- Theatrical release poster
- Directed by: R. Ajay Gnanamuthu
- Written by: R. Ajay Gnanamuthu
- Produced by: M. K. Tamilarasu
- Starring: Arulnithi; Ramesh Thilak; Sananth; Abishek Joseph George; Antti Jääskeläinen;
- Cinematography: Aravinnd Singh
- Edited by: Bhuvan Srinivasan
- Music by: Keba Jeremiah (songs); S. Chinna (score);
- Production company: Mohana Movies
- Distributed by: Sri Thenandal Films
- Release date: 22 May 2015;
- Running time: 116 minutes
- Country: India
- Language: Tamil
- Budget: ₹2 crore
- Box office: est. ₹17 crore

= Demonte Colony =

2015 Indian film by R Ajay Gnanamuthu

Demonte Colony is a 2015 Indian Tamil-language supernatural horror thriller film written and directed by R. Ajay Gnanamuthu in his directorial debut. Produced by Mohana Movies, and distributed by Sri Thenandal Films, it is the first installment in the Demonte Colony film series. The film stars Arulnithi, Ramesh Thilak, Sananth, Abishek Joseph George and Antti Jääskeläinen. It revolves around four friends who visit a haunted mansion, and the consequences they face after coming out of it.

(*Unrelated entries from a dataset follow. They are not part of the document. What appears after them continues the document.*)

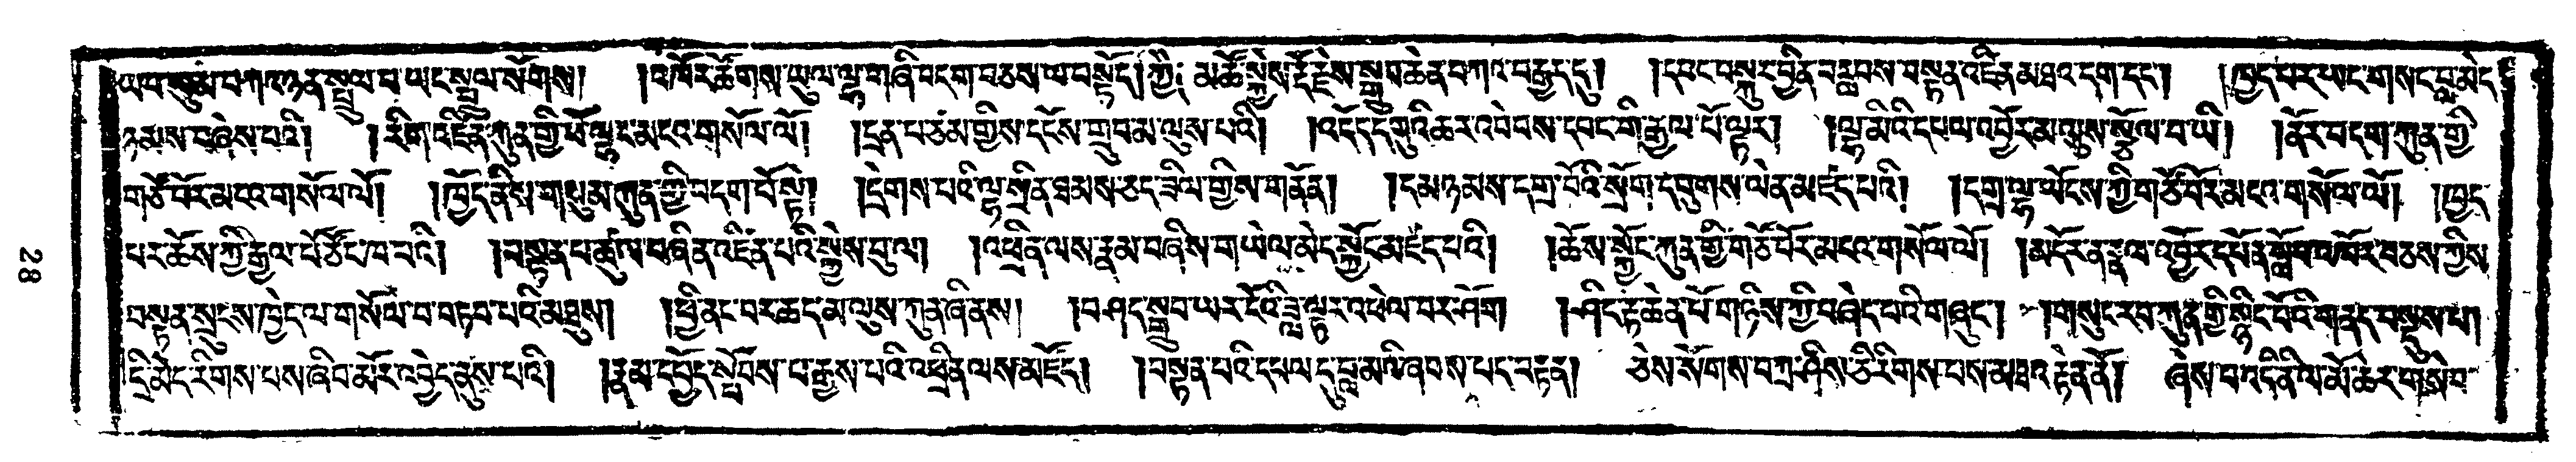ཡབ་ཡུམ་བཀའ་ཉན་སྤྲུལ་པ་ཡང་སྤྲུལ་སོགས། །འཁོར་ཚོགས་ཡུལ་ལྷ་གཞི་བདག་བཅས་ལ་བསྟོད། ཀྱཻ༑ མཚོ་སྐྱེས་རྡོ་རྗེས་སྒྲུབ་ཆེན་བཀའ་བརྒྱད་དུ། །དབང་བསྐུར་བྱིན་བརླབས་བསྟན་འཛིན་མཐའ་དག་དང་། །ཁྱད་པར་ཡང་གསང་བླ་མེད་
ཉམས་བཞེས་པའི། །རིག་འཛིན་ཀུན་གྱི་ཕོ་ལྷང་མངའ་གསོལ་ལོ། །དྲན་པ་ཙམ་གྱིས་དངོས་གྲུབ་མ་ལུས་པའི། །འདོད་དགུའི་ཆར་འབེབས་དབང་གི་རྒྱལ་པོ་ལྟར། །ལྷ་མིའི་དཔལ་འབྱོར་མ་ལུས་སྩོལ་བ་ཡི། །ནོར་བདག་ཀུན་གྱི་
གཙོ་བོར་མངའ་གསོལ་ལོ། །ཁྱོད་ནི་ས་གསུམ་ཀུན་གྱི་བདག་པོ་སྟེ། །དྲེགས་པའི་ལྷ་སྲིན་ཐམས་ཅད་ཟིལ་གྱིས་གནོན། །དམ་ཉམས་དགྲ་བོའི་སྲོག་དབུགས་ལེན་མཛད་པའི། །དགྲ་ལྷ་ཡོངས་ཀྱི་གཙོ་བོར་མངའ་གསོལ་ལོ། །ཁྱད་
པར་ཆོས་ཀྱི་རྒྱལ་པོ་ཙོང་ཁ་པའི། །བསྟན་པ་ཚུལ་བཞིན་འཛིན་པའི་སྐྱེས་བུ་ལ། །འཕྲིན་ལས་རྣམ་བཞིས་གཡེལ་མེད་སྐྱོང་མཛད་པའི། །ཆོས་སྐྱོང་ཀུན་གྱི་གཙོ་བོར་མངའ་གསོལ་ལོ། །མདོར་ན་རྣལ་འབྱོར་དཔོན་སློབ་འཁོར་བཅས་ཀྱིས་
བསྟན་སྲུངས་ཁྱེད་ལ་གསོལ་བ་བཏབ་པའི་མཐུས། །ཕྱི་ནང་བར་ཆད་མ་ལུས་ཀུན་ཞི་ནས། །བཤད་སྒྲུབ་ཡར་ངོའི་ཟླ་ལྟར་འཕེལ་བར་ཤོག །ཤིང་རྟ་ཆེན་པོ་གཉིས་ཀྱི་བཞེད་པའི་གཞུང་། །གསུང་རབ་ཀུན་གྱི་སྙིང་པོའི་གནད་བསྡུས་པ།
དྲི་མེད་རིགས་པས་ཞིབ་མོར་འབྱེད་ནུས་པའི། །རྣམ་དཔྱོད་སྤོབས་པ་རྒྱས་པའི་འཕྲིན་ལས་མཛོད། །བསྟན་པའི་དཔལ་དུ་བླ་མའི་ཞབས་པད་བརྟན། ཅེས་སོགས་བཀྲ་ཤིས་ཅི་རིགས་པས་མཐའ་རྟེན་ནོ། ཞེས་པ་འདི་ནི་ལ་མོ་ཆེར་གསེབ་
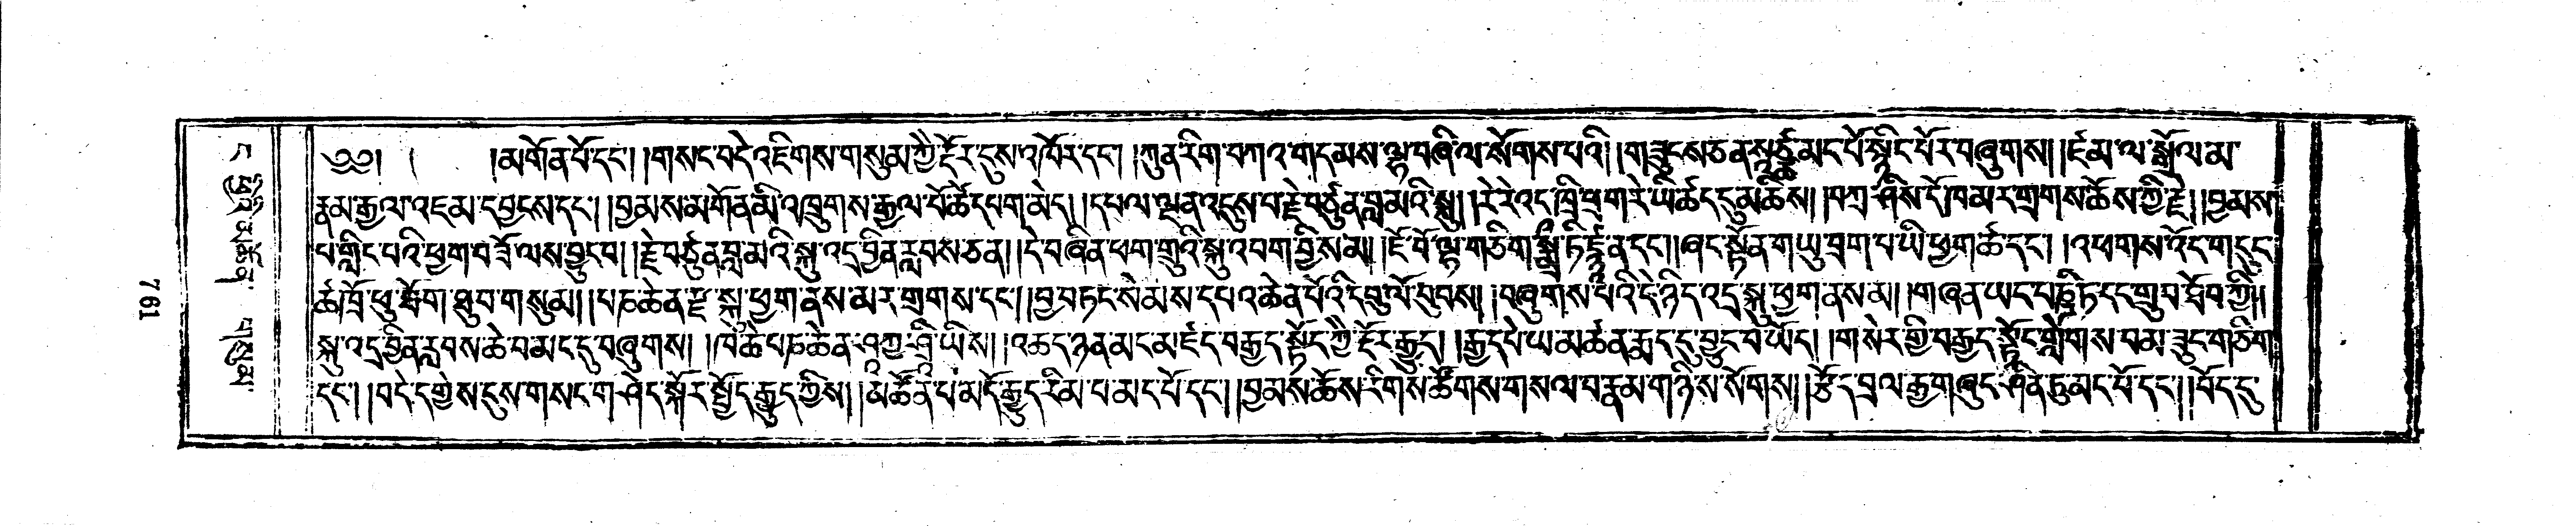༄༅། །མགོན་པོ་དང་། །གསང་བདེ་འཇིགས་གསུམ་ཀྱཻ་རྡོར་དུས་འཁོར་དང་། །ཀུན་རིག་བཀའ་གདམས་ལྷ་བཞི་ལ་སོགས་པའི། །གཟུངས་ཅན་སཱཙྪ་མང་པོ་སྙིང་པོར་བཞུགས། །ཛམ་ལ་སྒྲོལ་མ་
རྣམ་རྒྱལ་འཇམ་དབྱངས་དང་། །བྱམས་མགོན་མི་འཁྲུགས་རྒྱལ་པོ་ཚེ་དཔག་མེད། །དཔལ་ལྡན་འདུས་པ་རྗེ་བཙུན་བླ་མའི་སྐུ། །རེ་རེའང་ཁྲི་ཕྲག་རེ་ཡི་ཚད་དུ་མཆིས། །བཀྲ་ཤིས་དོ་ཁ་མར་གྲགས་ཆོས་ཀྱི་རྗེ། །བྱམས་
པ་གླིང་པའི་ཕྱག་བཟོ་ལས་བྱུང་བ། །རྗེ་བཙུན་བླ་མའི་སྐུ་འདྲ་བྱིན་རླབས་ཅན། །དེ་བཞིན་ཕག་གྲུའི་སྐུ་འབག་བྱི་ས་མ། །ཇོ་བོ་ལྷ་གཅིག་སྨྲྀ་ཏི་ཛྙཱ་ན་དང་། །ཞང་སྟོན་གཡུ་བྲག་པ་ཡི་ཕྱག་ཚ་དང་། །འཕགས་འོད་གདུང་
ཚ་ཁྲོ་ཕུ་ཐོག་ཐུབ་གསུམ། །པཎ་ཆེན་རྫ་སྐུ་ཕྱག་ནས་མར་གྲགས་དང་། །བྱ་བཏང་སེམས་དཔའ་ཆེན་པོའི་དབུ་ལོ་ཕུབས། །བཞུགས་པའི་དེ་ཉིད་འདྲ་སྐུ་ཕྱག་ནས་མ། །གཞན་ཡང་པཎྜི་ཏ་དང་གྲུབ་ཐོབ་ཀྱི། །
སྐུ་འདྲ་བྱིན་རླབས་ཆེ་བ་མང་དུ་བཞུགས། །ཁ་ཆེ་པཎ་ཆེན་ཤཱཀྱ་ཤྲཱི་ཡིས། །འཆད་ཉན་མང་མཛད་བརྒྱད་སྟོང་ཀྱཻ་རྡོར་རྒྱུད། །རྒྱ་དཔེ་ཡ་མཚན་རྨད་དུ་བྱུང་བ་ཡོད། །གསེར་གྱི་བརྒྱད་སྟོང་གླེགས་བམ་ཟུང་གཅིག་
དང་། །བདེ་དགྱེས་དུས་གསང་གཤེད་སྐོར་སྤྱོད་རྒྱུད་ཀྱིས། །མཚོན་པ་མདོ་རྒྱུད་རིམ་པ་མང་པོ་དང་། །བྱམས་ཆོས་རིགས་ཚོགས་གསལ་བ་རྣམ་གཉིས་སོགས། །རྩོད་བྲལ་རྒྱ་གཞུང་ཤིན་ཏུ་མང་པོ་དང་། །བོད་དུ་
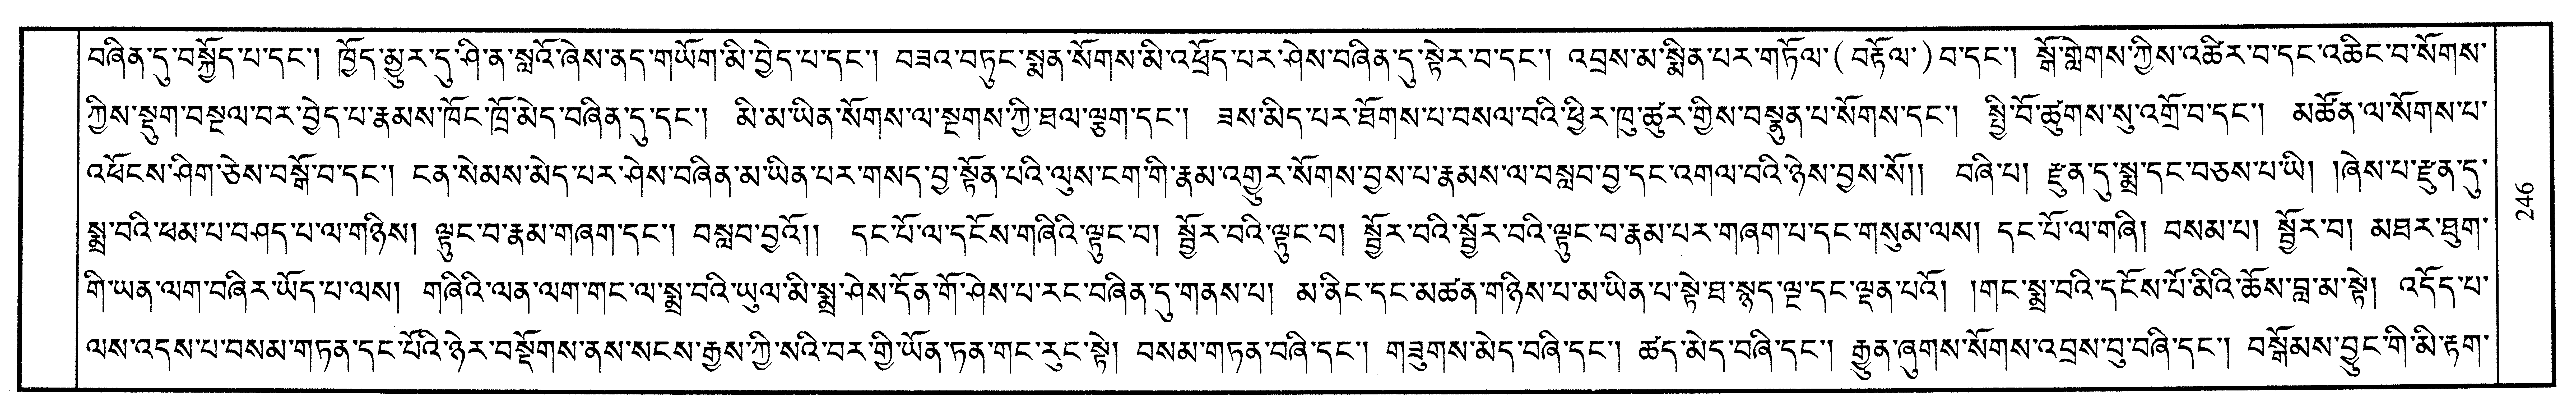བཞིན་དུ་བསྐྱོད་པ་དང་། ཁྱོད་མྱུར་དུ་ཤི་ན་སླའོ་ཞེས་ནད་གཡོག་མི་བྱེད་པ་དང་། བཟའ་བཏུང་སྨན་སོགས་མི་འཕྲོད་པར་ཤེས་བཞིན་དུ་སྟེར་བ་དང་། འབྲས་མ་སྨིན་པར་གཏོལ་བརྟོལ་བ་དང་། སྒོ་གླེགས་ཀྱིས་འཚིར་བ་དང་འཆིང་བ་སོགས་
ཀྱིས་སྡུག་བསྔལ་བར་བྱེད་པ་རྣམས་ཁོང་ཁྲོ་མེད་བཞིན་དུ་དང་། མི་མ་ཡིན་སོགས་ལ་སྔགས་ཀྱི་ཐལ་ལྕག་དང་། ཟས་མིད་པར་ཐོགས་པ་བསལ་བའི་ཕྱིར་ཁུ་ཚུར་གྱིས་བསྣུན་པ་སོགས་དང་། སྤྱི་བོ་ཚུགས་སུ་འགྲོ་བ་དང་། མཚོན་ལ་སོགས་པ་
འཕོངས་ཤིག་ཅེས་བསྒོ་བ་དང་། ངན་སེམས་མེད་པར་ཤེས་བཞིན་མ་ཡིན་པར་གསད་བྱ་སྟོན་པའི་ལུས་ངག་གི་རྣམ་འགྱུར་སོགས་བྱས་པ་རྣམས་ལ་བསླབ་བྱ་དང་འགལ་བའི་ཉེས་བྱས་སོ།། བཞི་པ། རྫུན་དུ་སྨྲ་དང་བཅས་པ་ཡི། །ཞེས་པ་རྫུན་དུ་
སྨྲ་བའི་ཕམ་པ་བཤད་པ་ལ་གཉིས། ལྟུང་བ་རྣམ་གཞག་དང་། བསླབ་བྱའོ།། དང་པོ་ལ་དངོས་གཞིའི་ལྟུང་བ། སྦྱོར་བའི་ལྟུང་བ། སྦྱོར་བའི་སྦྱོར་བའི་ལྟུང་བ་རྣམ་པར་གཞག་པ་དང་གསུམ་ལས། དང་པོ་ལ་གཞི། བསམ་པ། སྦྱོར་བ། མཐར་ཐུག་
གི་ཡན་ལག་བཞིར་ཡོད་པ་ལས། གཞིའི་ལན་ལག་གང་ལ་སྨྲ་བའི་ཡུལ་མི་སྨྲ་ཤེས་དོན་གོ་ཤེས་པ་རང་བཞིན་དུ་གནས་པ། མ་ནིང་དང་མཚན་གཉིས་པ་མ་ཡིན་པ་སྟེ་ཐ་སྙད་ལྔ་དང་ལྡན་པའོ། །གང་སྨྲ་བའི་དངོས་པོ་མིའི་ཆོས་བླ་མ་སྟེ། འདོད་པ་
ལས་འདས་པ་བསམ་གཏན་དང་པོའི་ཉེར་བསྡོགས་ནས་སངས་རྒྱས་ཀྱི་སའི་བར་གྱི་ཡོན་ཏན་གང་རུང་སྟེ། བསམ་གཏན་བཞི་དང་། གཟུགས་མེད་བཞི་དང་། ཚད་མེད་བཞི་དང་། རྒྱུན་ཞུགས་སོགས་འབྲས་བུ་བཞི་དང་། བསྒོམས་བྱུང་གི་མི་རྟག་

Demonte Colony was filmed between November 2014 and March 2015. The film has cinematography by Aravinnd Singh, songs composed by guitarist Keba Jeremiah, and an original score by S. Chinna. It was released on 22 May 2015 and became a box office success. A sequel Demonte Colony 2 was released in 2024, and a third film is scheduled to release in 2026.

== Plot ==
Raghavan, Sajith, Vimal, and Srinivasan "Srini" are four friends who share an apartment room in Chennai. One rainy night, after heavily drinking, they decide to visit a dilapidated mansion in Demonte Colony, rumoured to be haunted. They sneak into the mansion and get separated in the darkness, having a chilling experience. Despite this, all of them manage to come out seemingly unscathed.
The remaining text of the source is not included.